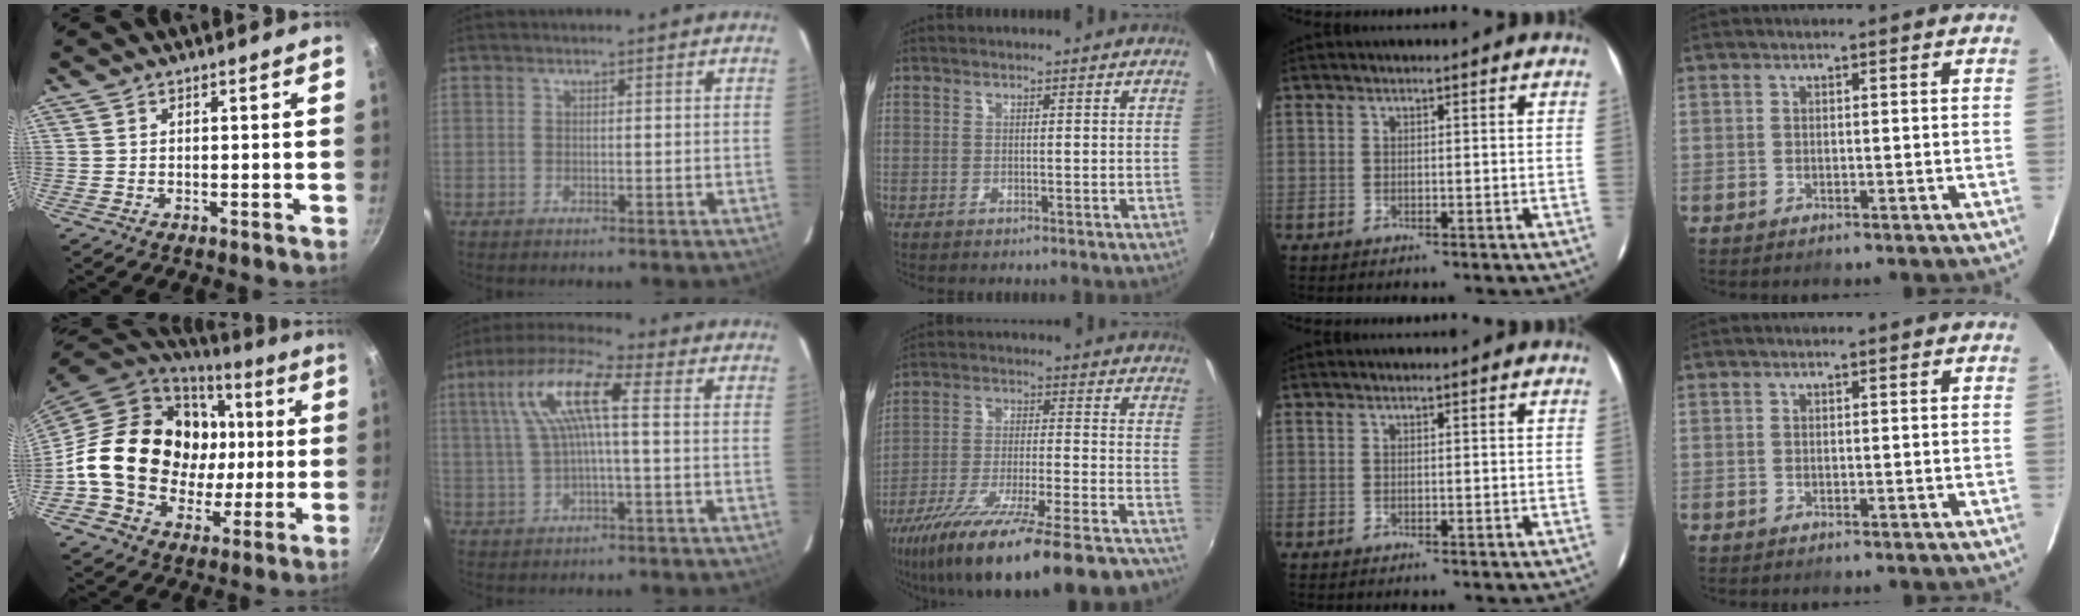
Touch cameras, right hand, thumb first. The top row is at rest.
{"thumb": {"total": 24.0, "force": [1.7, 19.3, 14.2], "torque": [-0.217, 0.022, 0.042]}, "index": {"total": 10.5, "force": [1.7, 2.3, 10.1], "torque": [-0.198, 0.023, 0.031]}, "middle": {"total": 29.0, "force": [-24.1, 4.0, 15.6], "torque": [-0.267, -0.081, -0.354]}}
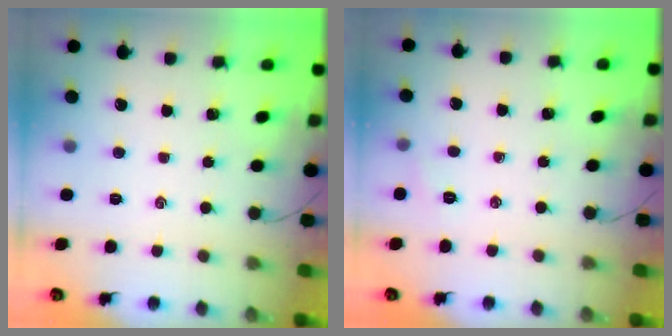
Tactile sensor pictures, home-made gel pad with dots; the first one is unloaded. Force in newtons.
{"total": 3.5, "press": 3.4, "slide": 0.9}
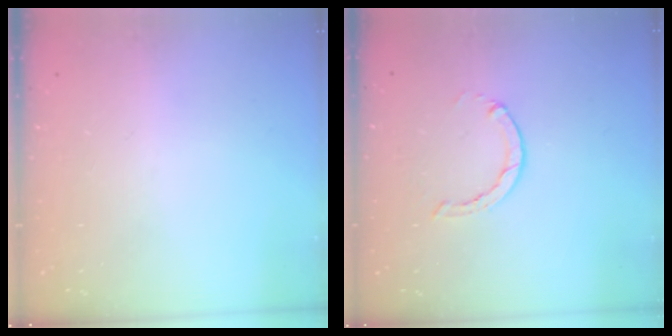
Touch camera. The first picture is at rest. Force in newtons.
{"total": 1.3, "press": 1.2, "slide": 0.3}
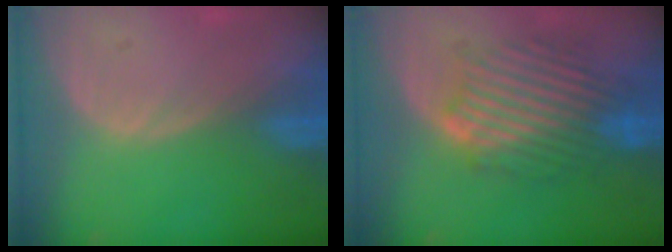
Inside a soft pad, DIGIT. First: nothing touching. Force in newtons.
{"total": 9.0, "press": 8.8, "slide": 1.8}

_Work request_: All lines from the one that contains "Inside a soft" to the end of the records above are to be copied exactly; leave out the rest.

_Solved exercise_:
Inside a soft pad, DIGIT. First: nothing touching. Force in newtons.
{"total": 9.0, "press": 8.8, "slide": 1.8}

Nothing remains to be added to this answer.